La primera carpeta era de la oficina de Carrara en Roma y contenía la lista completa de los objetos de la colección de La Capra que la brigada antifraude de arte había conseguido identificar. La lista de procedencias parecía una guía para turistas -o policías- interesados en yacimientos saqueados de la Antigüedad: Herculano, Volterra, Paesto, Corinto… El Cercano y el Lejano Oriente estaban bien representados: Xian, Angkor Wat, el museo de Kuwait. Algunas de las piezas parecían haber sido adquiridas legalmente, pero eran las menos. Varias eran imitaciones. De calidad, pero imitaciones. Los documentos intervenidos en la casa de La Capra demostraban que muchos de los objetos ilegales habían sido adquiridos a Murino, cuya tienda había sido clausurada, a fin de que la brigada antifraude de arte pudiera hacer el inventario completo de las existencias de la propia tienda y del almacén de Mestre. Murino negó tener conocimiento de las compras ilegales e insistió en que aquellas piezas debían de haber sido adquiridas por el dottor Semenzato, su antiguo socio. De no ser porque había sido arrestado cuando aceptaba la entrega de cuatro cajas de ceniceros de alabastro fabricados en Hong Kong con las cuatro estatuas camufladas entre ellos, quizá le hubieran creído. Pero ahora se hallaba bajo arresto, y su abogado estaba obligado a presentar las facturas y certificados de aduanas que implicaran a Semenzato.

La Capra se encontraba en Palermo, adonde había llevado el cuerpo de su hijo para ser enterrado, y parecía haber perdido todo interés por su colección. Había hecho caso omiso de las peticiones de nuevos documentos acreditativos de compra o propiedad. Por consiguiente, la policía había confiscado todas las piezas que se sabía o suponía robadas y seguía indagando la procedencia de las pocas que aún no habían sido identificadas. Brunetti observó complacido que Carrara se había encargado de que las piezas sustraídas de la exposición china del palazzo Ducal no figuraran en el inventario de los objetos hallados en casa de La Capra. Sólo tres personas -Brunetti, Flavia y Brett- sabían dónde estaban.

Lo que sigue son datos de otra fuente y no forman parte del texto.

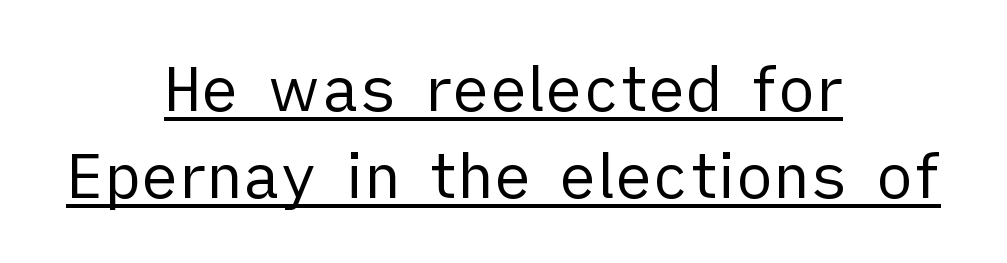
The image shows 62 px regular-weight sans-serif type, upright; set centered, normal line spacing (1.4x), normal letter spacing, underlined; low stroke contrast and a medium x-height.

La segunda carpeta contenía la abundante documentación del caso contra La Capra, su difunto hijo y los hombres que fueron arrestados con él. Los dos hombres que habían golpeado a la dottoressa Lynch estaban en el palazzo aquella noche y fueron arrestados con La Capra y otro hombre. Los dos primeros habían confesado la agresión, pero mantenían que habían ido para robar. Decían no saber nada del asesinato del dottor Semenzato.

La Capra, por su parte, insistía en que ignoraba que aquellos dos hombres, a los que identificó como su chófer y su guardaespaldas, trataran de robar en el apartamento de la dottoressa Lynch, una mujer cuyo talento profesional él tenía en la más alta consideración. Al principio, también había asegurado que ni había tenido tratos con el dottor Semenzato ni lo conocía siquiera. Pero ante la información que llegaba de todos los lugares en los que él y Semenzato se habían encontrado y las declaraciones firmadas por diversos marchantes y anticuarios que asociaban a ambos en multitud de transacciones, las aseveraciones de La Capra se retiraron como el acqua alta al cambiar la marea o la dirección del viento. Y el nuevo viento le trajo el recuerdo de que, en efecto, quizá había comprado una o dos piezas al dottor Semenzato.

Se le había ordenado regresar a Venecia, si no quería ser conducido por la policía, pero se había puesto en manos de un médico que lo había ingresado en una clínica privada, aquejado de «depresión nerviosa provocada por el sufrimiento personal». Allí seguía, física y legalmente intocable, en un país en el que sólo el vínculo entre padre e hijo permanece sagrado.